Margaret, reading the news on her phone, a milk-stoned Bird dozing at her breast, thought: awful. And: How could those people endanger their child. She tried to imagine carrying Bird into the crush of a mob, flash bombs bursting at their feet, the bite of tear gas setting her nostrils aflame. Her mind slammed its door on the thought. There he was, safe here in her arms: her Bird. Long lashes resting on cheeks softer than anything she’d ever touched. A small furrow rumpling his eyebrows. What troubling dreams could a baby already have? She smoothed the creases with the pad of her thumb until his face went calm again. Beside her, Ethan’s hand squeezed her shoulder, then cupped Bird’s head. She would never do such a thing, she promised Bird silently. None of this would ever apply to them.
The next march protesting anti-Chinese hate, in Queens, was sparsely attended; after that, there was a long stretch with none.
* * *
? ? ?
What she thought was about her poems, her garden, her husband. Bird. She pushed seeds into the soil and watered them until threads of green shoots emerged. She set cutoff milk jugs over seedlings to shield them from the night chill. She knit a blanket for Bird from cream-colored wool. Late at night, she made love to Ethan. In the morning, content, she baked banana scones, licked honey from the spoon.
Ethan’s parents came to visit when they could: for Bird’s birthday, for Halloween bearing candy he could not yet chew, for Christmas laden with gifts heavier than their small recipient. His mother shared feeding tips with Margaret; one afternoon, when Margaret dozed on the sofa, exhausted, with a tantrum-drained Bird on her chest, Ethan’s father spread a blanket over them and then clicked off the light. Margaret and Ethan had said only that her parents had passed, and it warmed both of them to see the eagerness and openness with which Ethan’s parents enfolded Margaret into their lives.
He looks just like her, Ethan’s parents kept saying, and they’d thought this was a compliment at first—and maybe it was, though later both would wonder if it was also a twitch of discomfort, someone else’s face so clearly stamped on a child they felt should have been theirs. Privately, Margaret and Ethan thought Bird simply looked like Bird. Looking down on him late at night, they could pick out small features and trace them to their source—Margaret’s cheekbones, Ethan’s eyelashes—but where they saw resemblance was in the expressions: the two parallel wrinkles that appeared on Bird’s forehead when he was thinking, the dimple in his cheek, like a fingerprint, when he laughed. That was Ethan’s wrinkle on Margaret’s brow, Margaret’s dimple just southeast of Ethan’s mouth. It was a strange and unsettling experience, watching expressions that they knew flit over the face of this small person, part them and part the person they loved most, and they sensed that this would be only the first of many strange and unsettling experiences that parenthood would bring.
Margaret wrote more poems. Publishers were printing again, and when Bird was three, a small, plucky press agreed to publish her book. A split pomegranate on the cover, so close up it resembled an organ, or a wound: you had to look twice to see it for what it was. Our Missing Hearts was praised by a few poetry critics and read by almost no one. Tens of copies sold, she’d said to Ethan drily, who reads poetry anymore? and he’d joked, Who ever read it before?
It didn’t matter. The world was full of poems to her then.

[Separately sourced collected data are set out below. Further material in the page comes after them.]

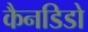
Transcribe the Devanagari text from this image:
कैनडिडो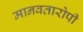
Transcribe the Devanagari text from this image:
मानवतारोपी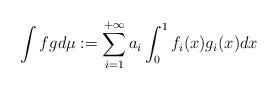
LaTeX: \begin{align*}\int fg d\mu :=\sum_{i=1}^{+\infty} a_i \int_0^1 f_i (x) g_i(x) dx\end{align*}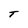
Character: T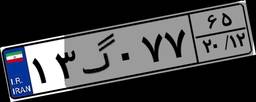
۱۳گ۰۷۷۶۵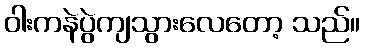
ဝါးကနဲပွဲကျသွားလေတော့ သည်။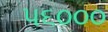
૫૬૦૦૦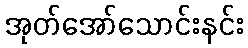
အုတ်အော်သောင်းနင်း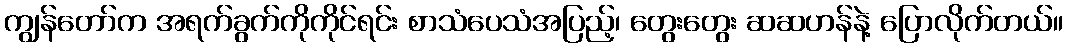
ကျွန်တော်က အရက်ခွက်ကိုကိုင်ရင်း စာသံပေသံအပြည့်၊ တွေးတွေး ဆဆဟန်နဲ့ ပြောလိုက်တယ်။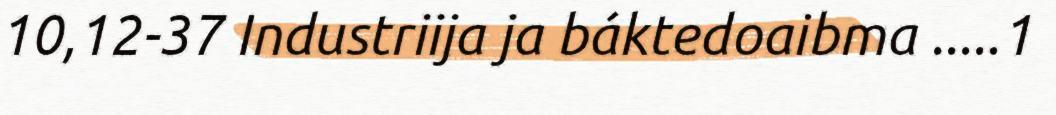
10,12-37 Industriija ja báktedoaibma .....1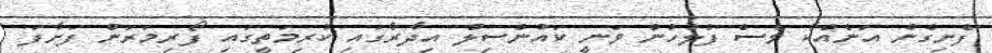
ފެށިގެން އަނެއްކާ ވެސް ފުލުހުން ވަނީ ކައުންސިލް އިދާރާގައި ކުރިމަތީގައި ފޯރިމަރަން ފަށާފަ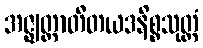
အဇ္ဈတ္တာတီတယဒနိစ္စသုတ္တံ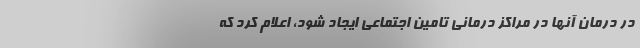
در درمان آنها در مراکز درمانی تامین اجتماعی ایجاد شود، اعلام کرد که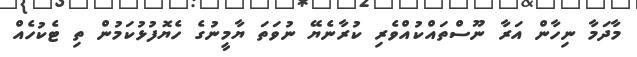
މާދަމާ ނިހާން އަރާ ނޫސްތައްކުއްވެރި ކުރާނެޔޭ ނުވަތަ ޔާމީނުގެ ހެޔޮފުޅުކަމުން ތި ޓެކުހެއް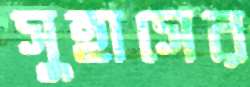
সুহাসের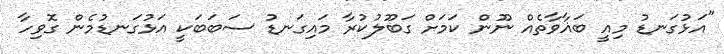
"އަޅުގަނޑު މިއީ ބަޣާވާތެއް ނޫން ކަމަށް ގަބޫލުކުރާ މައިގަނޑު ސަބަބަކީ އަޅުގަނޑުމެން ގޮވިހާ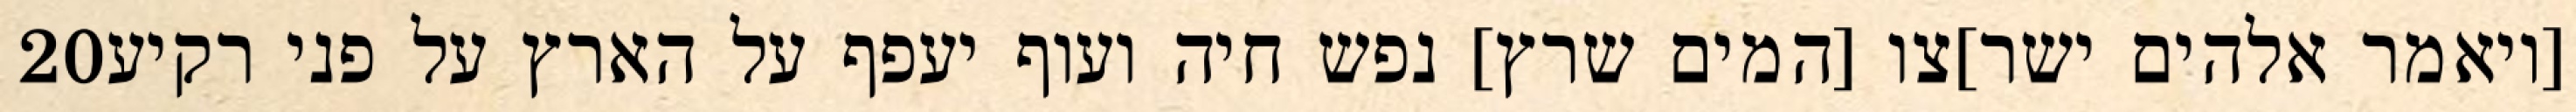
‎20‏ [ויאמר אלהים ישר]צו [המים שרץ] נפש חיה ועוף יעפף על הארץ על פני רקיע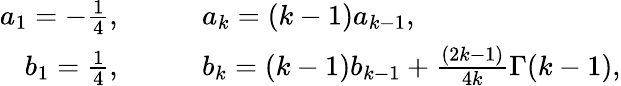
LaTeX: \begin{array}{rl}{a_{1}=-\frac{1}{4},}&{{}\qquad a_{k}=(k-1)a_{k-1},}\\ {b_{1}=\frac{1}{4},}&{{}\qquad b_{k}=(k-1)b_{k-1}+\frac{(2k-1)}{4k}\Gamma(k-1),}\end{array}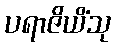
ပရာဇိယိံသု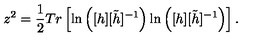
z ^ { 2 } = \frac { 1 } { 2 } T r \left[ \ln \left( [ h ] [ \tilde { h } ] ^ { - 1 } \right) \ln \left( [ h ] [ \tilde { h } ] ^ { - 1 } \right) \right] . \nonumber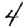
Digit: 4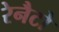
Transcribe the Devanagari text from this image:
रेनैटो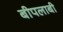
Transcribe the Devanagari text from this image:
बीपलाबी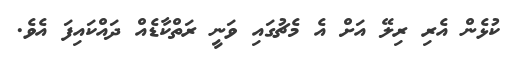
ކުޅެން އެރި ރިލޭ އަށް އެ މެޗުގައި ވަނީ ރަތްކާޑެއް ދައްކައިފަ އެވެ.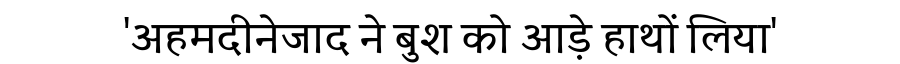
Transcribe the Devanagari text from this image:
'अहमदीनेजाद ने बुश को आड़े हाथों लिया'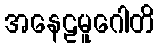
အနေဠမူဂေါတိ

She taught Bird to catch fireflies: hands cupped, lemon-lime light flashing in the cracks of his fingers. And then to let them go, spiraling into the night like a dying spark. She taught him to lie still in the grass and watch the neighborhood rabbits nose in the clover, so close his breath stirred the fine white fluff of their tails. She taught him the names of flowers and bugs and birds, to identify the low coo-coo-coo of the mourning dove and the brash scream of the blue jay and the singsong phoebe of the chickadee, clear and fresh as cold water on a summer day. She taught him to pluck honeysuckle blossoms from the vine and touch the end to his tongue: such sticky sweetness. She pulled the shell of a cicada from a pine tree’s trunk, turned it over to show the neat slit down the belly where, having grown, it had wriggled out of its old self into something new.
And she told him stories. Stories about warriors and princesses, poor brave girls and boys, monsters and magicians. The brother and sister who outwitted the witch and found their way home. The girl who saved her swan-brothers from enchantment. Ancient myths that made sense of the world: why sunflowers nod, why echoes linger, why spiders spin. Stories her mother had told her in childhood, before she stopped speaking of such things: how once there had been nine suns, baking the earth to dust, until a brave archer shot them one by one out of the sky. How the monkey king tricked his way into the heavenly garden to steal the peaches of immortality. How once a year, two lovers, forever separated, crossed a river of stars to meet in midair.